The check is done without holding the connection, so the first time a user accesses a specific site, it will pass without CRL validation, and the next connection will be validated.
By default, if the CRL can't be reached, the certificate is considered to be trusted (this is also the default behavior of the common browsers).

If you wish to enforce CRL fetch, and to mark the certificate as untrusted, if the CRL can't be reached, you can use GuiDEdit to change the property: "drop_if_crl_cannot_be_reached" to "true". The property is under the Other --> SSL Inspection table, on the general_confs_obj Object.

OCSP is not supported.

Does HTTPS inspection work on protocols other than HTTPs?

A: No, currently it is only possible to inspect HTTPS traffic.

Can I replace the gateway's CA with a different CA?

A: Yes, you can import any CA certificate to be used for HTTPS inspection.

To import a CA certificate:

1. Open SmartDashboard.

2. Go to Application & URL Filtering tab, on the left, open Advanced -> HTTPS Inspection -> Gateways.

3. Below, under CA Certificate, click on Renew Certificate -> Import certificate from file (if no certificate is created yet, need to click on “Create” first).

4. The file to import must be a p12 file containing self-signed CA or subordinate CA.

You can also import a certificate signed by hash algorithm SHA-256.

Is it possible to perform selective inspection – just on specific sites, categories or users?

A: Yes, you can inspect only specific sites or URL Filtering categories (both require a URL Filtering Blade license).

Why do I sometimes get the gateway CA even for sites that are not configured to be decrypted?

A: To filter out sites from HTTPS inspection, a mapping between the site IP to its correlating domain is needed. The mapping is created based on the certificate DN served by the site. This requires us to perform HTTPS inspection on any accessed SSL site, at least once. After this mapping is in place, no further inspection will occur (according to the rulebase). -- This is the underlying reason for the "refresh" success.
Note: This behavior is only relevant if there is no proxy between the gateway and the Internet. If there is a proxy, we don't perform full inspection.
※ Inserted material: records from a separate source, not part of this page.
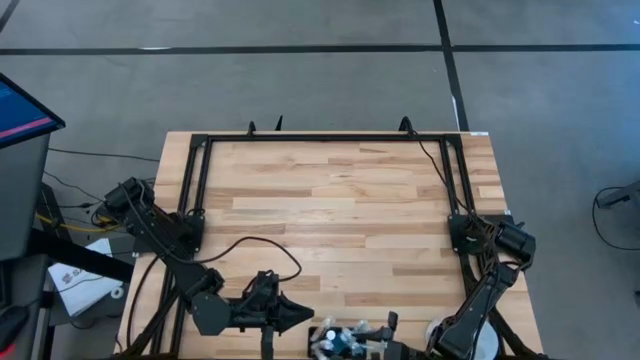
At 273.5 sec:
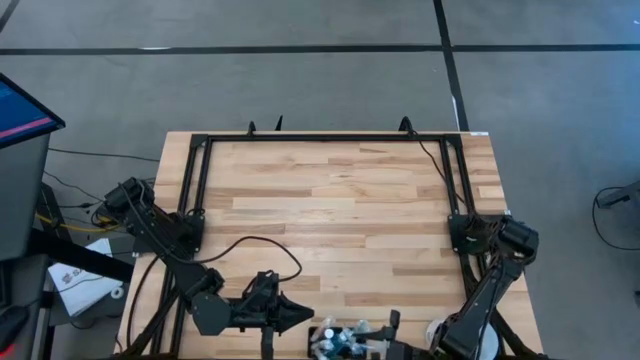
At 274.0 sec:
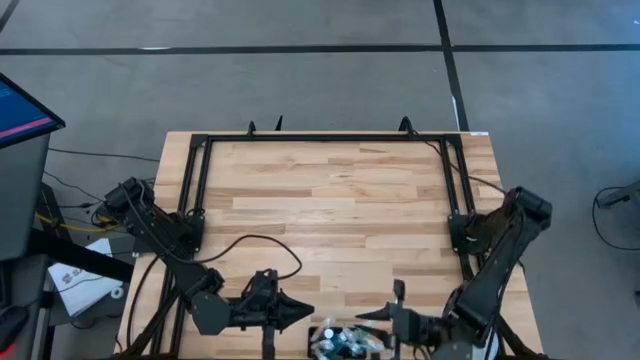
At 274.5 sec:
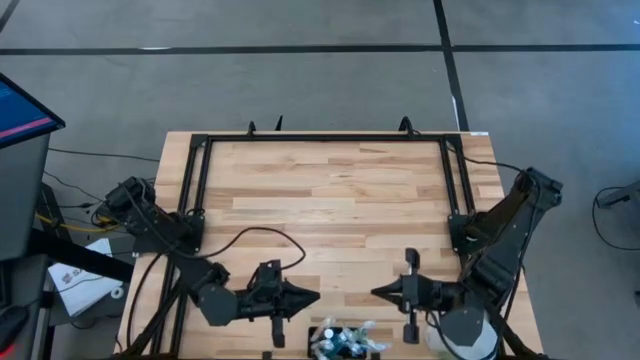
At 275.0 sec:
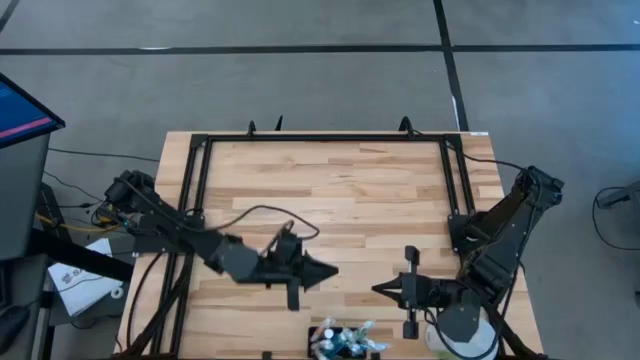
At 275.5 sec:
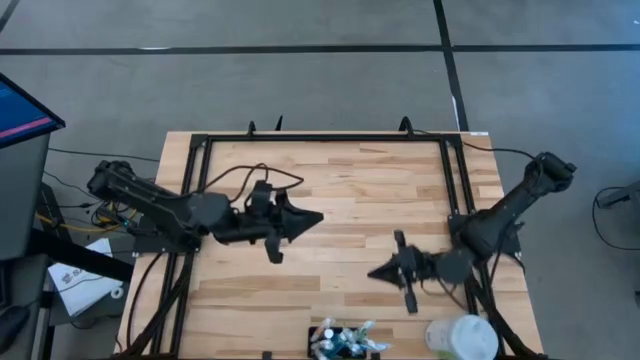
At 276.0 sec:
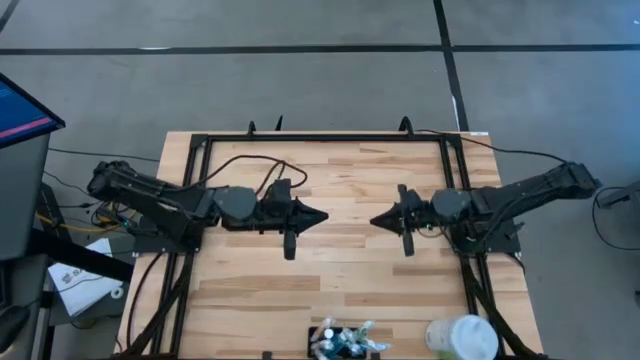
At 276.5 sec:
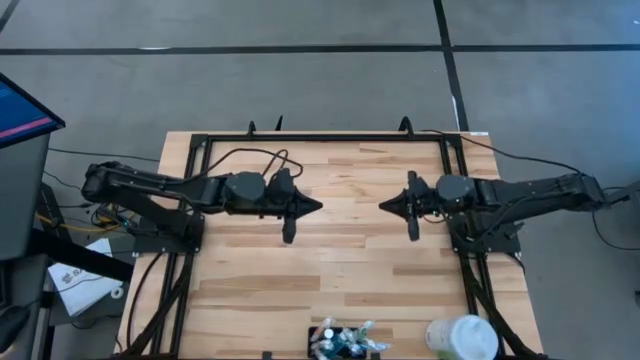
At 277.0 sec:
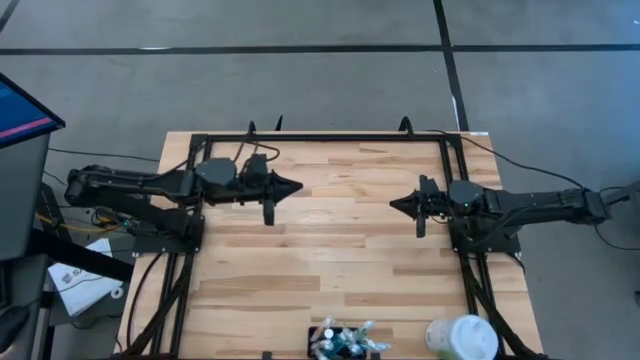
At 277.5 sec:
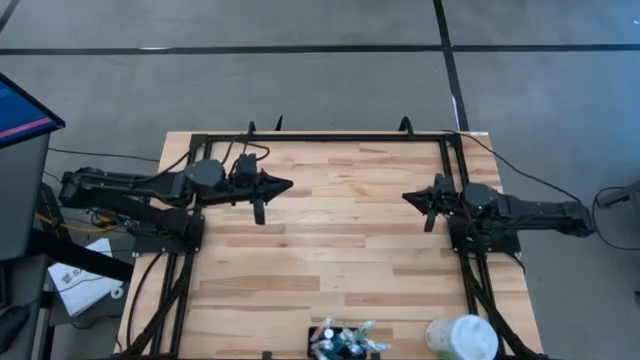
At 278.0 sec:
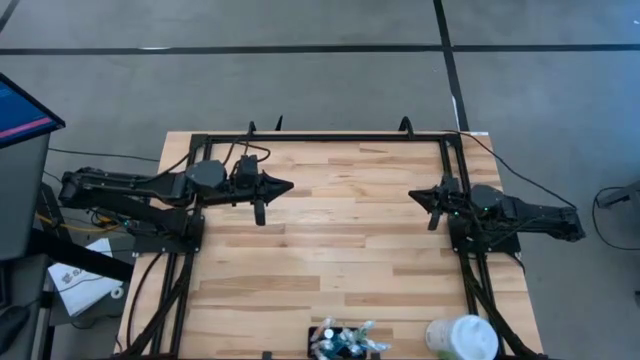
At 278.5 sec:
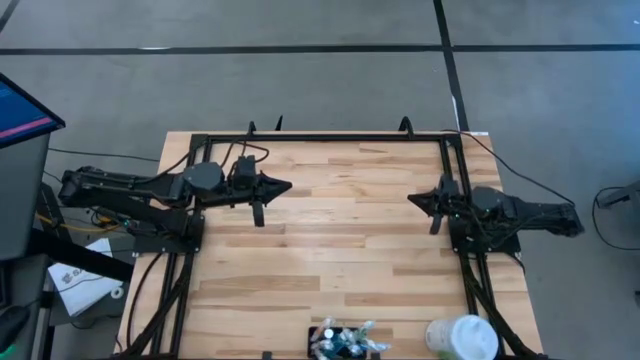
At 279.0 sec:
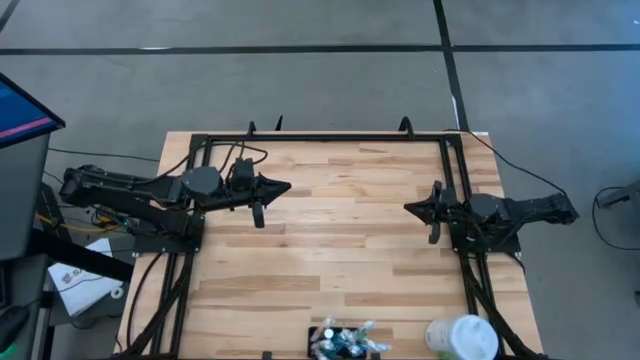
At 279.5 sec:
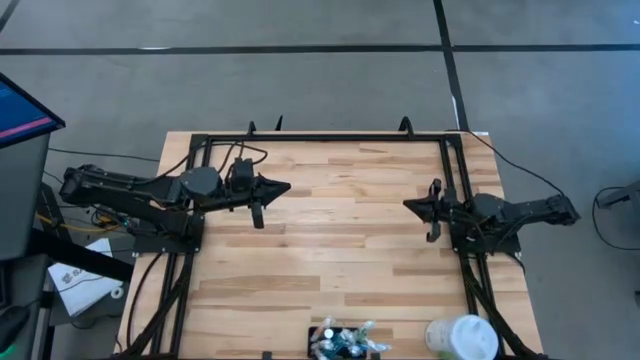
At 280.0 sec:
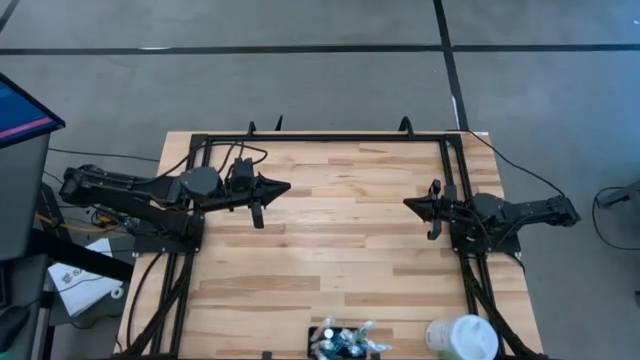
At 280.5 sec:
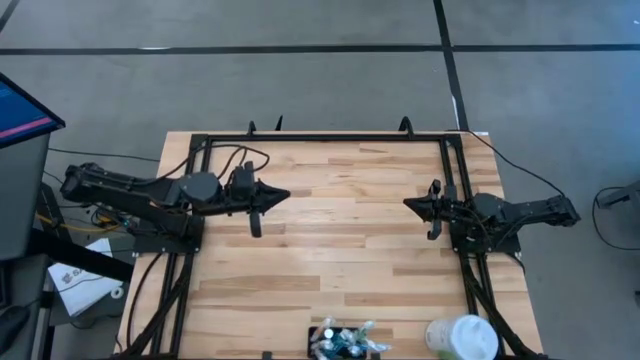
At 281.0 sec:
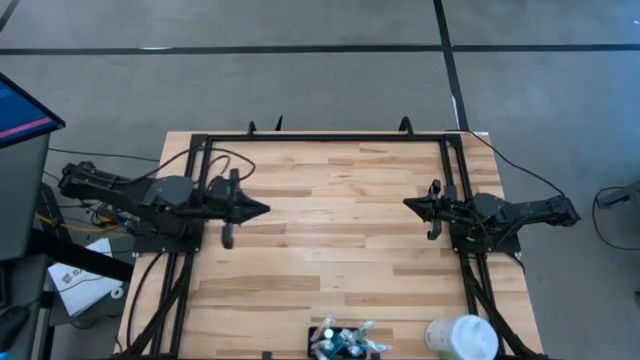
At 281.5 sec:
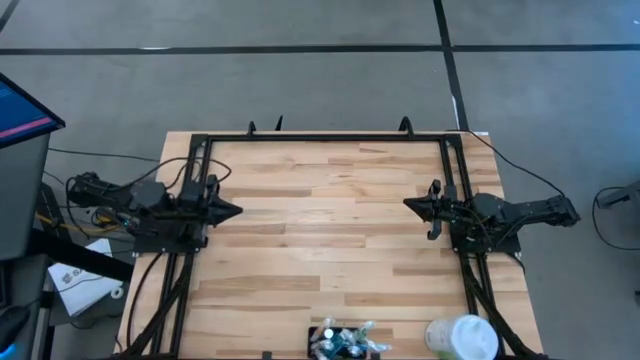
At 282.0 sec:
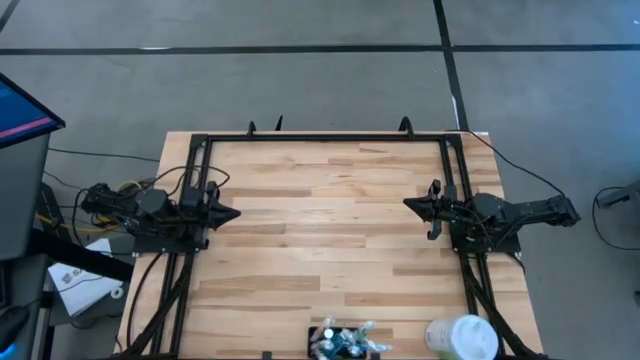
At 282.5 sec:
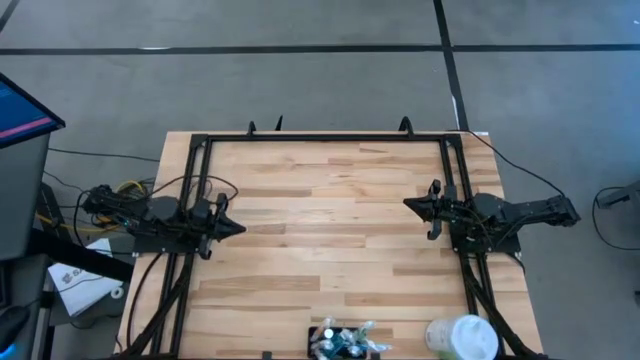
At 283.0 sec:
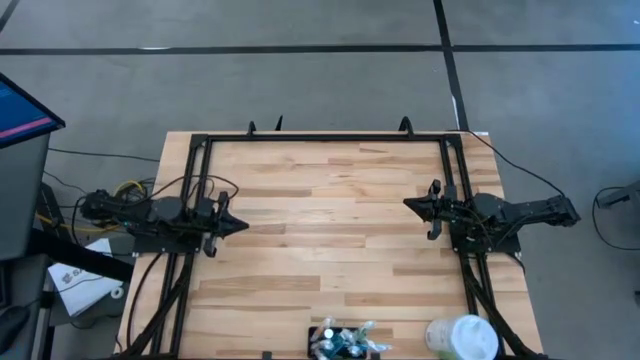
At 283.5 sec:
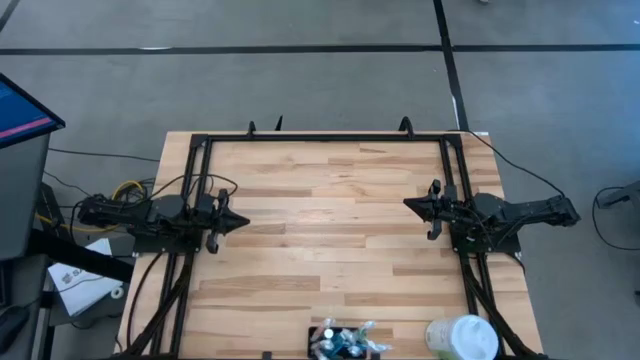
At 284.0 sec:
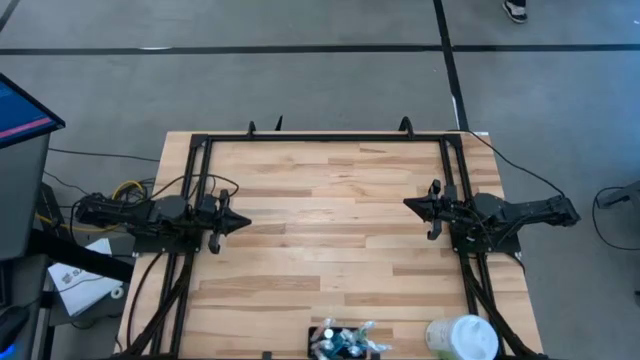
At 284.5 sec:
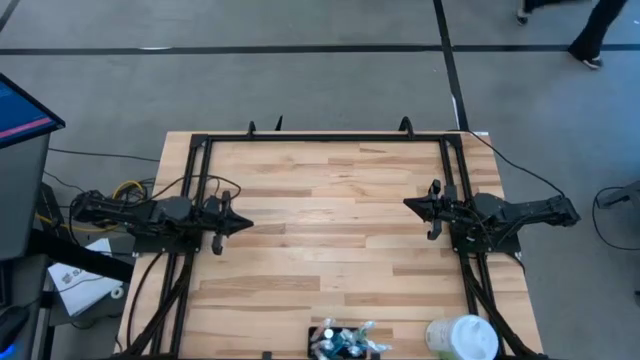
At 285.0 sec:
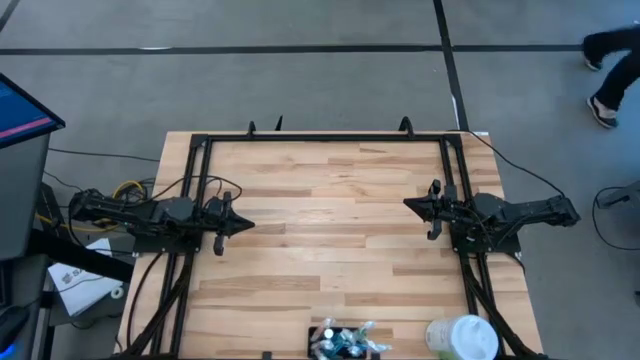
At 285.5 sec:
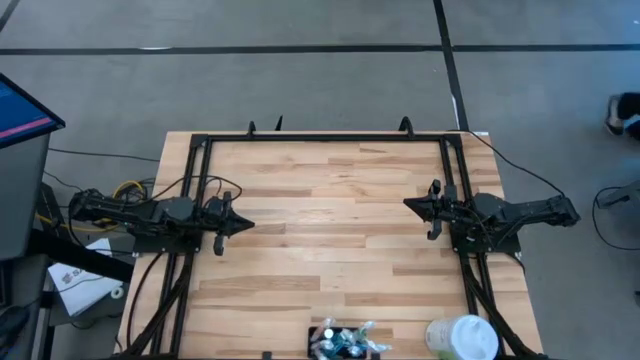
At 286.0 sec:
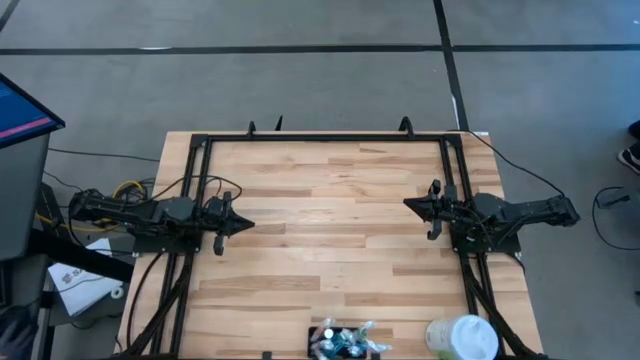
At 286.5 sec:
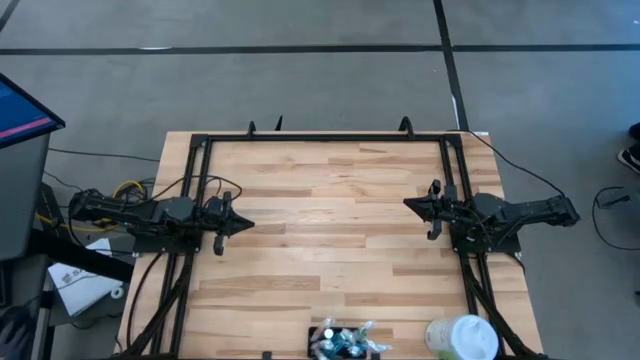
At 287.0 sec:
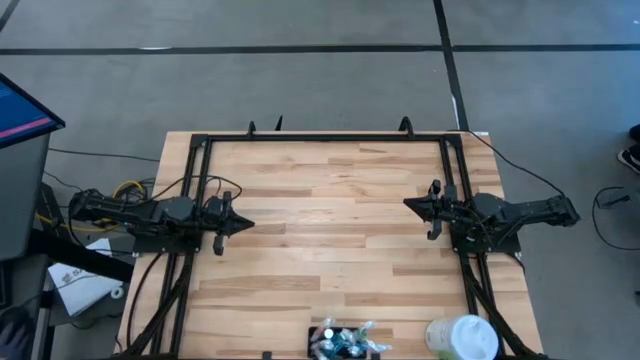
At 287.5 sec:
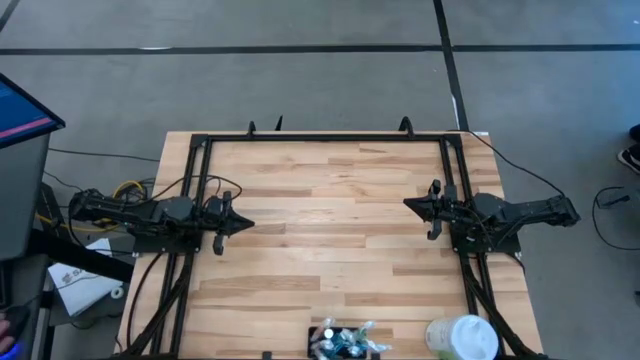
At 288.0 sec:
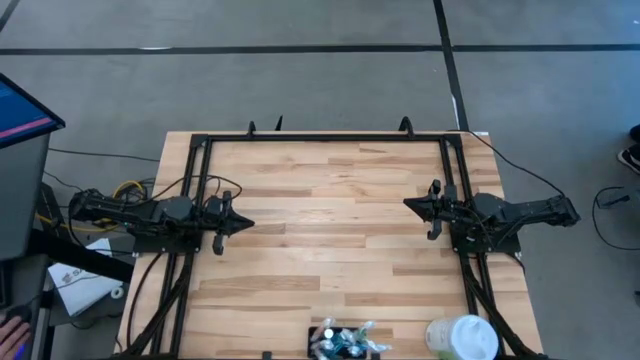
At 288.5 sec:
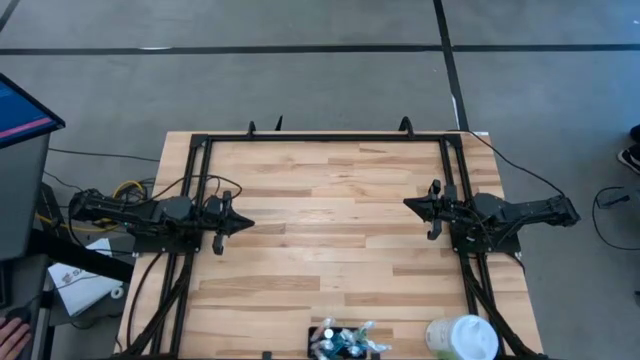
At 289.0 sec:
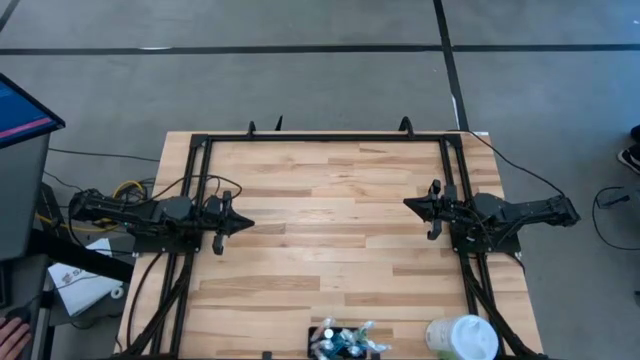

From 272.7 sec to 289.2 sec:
Task: Pick & Place toothbrushing station
Return to Home Position

What information from the encrypted traffic is logged?

A: No additional information is logged aside from the regular information logged per Blade. The administrator must have special permissions to view this information.

I read in the news that someone conned the ______ CA to give them certificates for the _______ web site. What should I do?

A: It is possible to use the GUI to remove the victim CA from the list of trusted roots. But this is not recommended, as it would damage connections to other customers of that CA.

Another option is to add the specific certificate serial number to the Black List on the SmartDashboard.
This approach has been successfully used by all browser vendors in March 2011, when Comodo was conned into issuing multiple certificates for popular web sites.

Check Point will publish regular updates to the list of CAs, and in the future also to the black-list of known stolen certificates.

Which SSL/TLS versions of are supported by HTTPS inspection?

A: SSLv3 and TLSv1 (also known as SSLv3.1).

Why isn't SSLv2 supported?

A: SSLv2 is known to be susceptible to several attacks, and as such it is not supported.

Which ciphers are supported by SSL inspection?

A: AES_128_CBC, AES_256_CBC, 3DES_EDE_CBC, RC4_128_MD5, RC4_128_SHA1

This solution has been verified for the specific scenario, described by the combination of Product, Version and Symptoms. It may not work in other scenarios.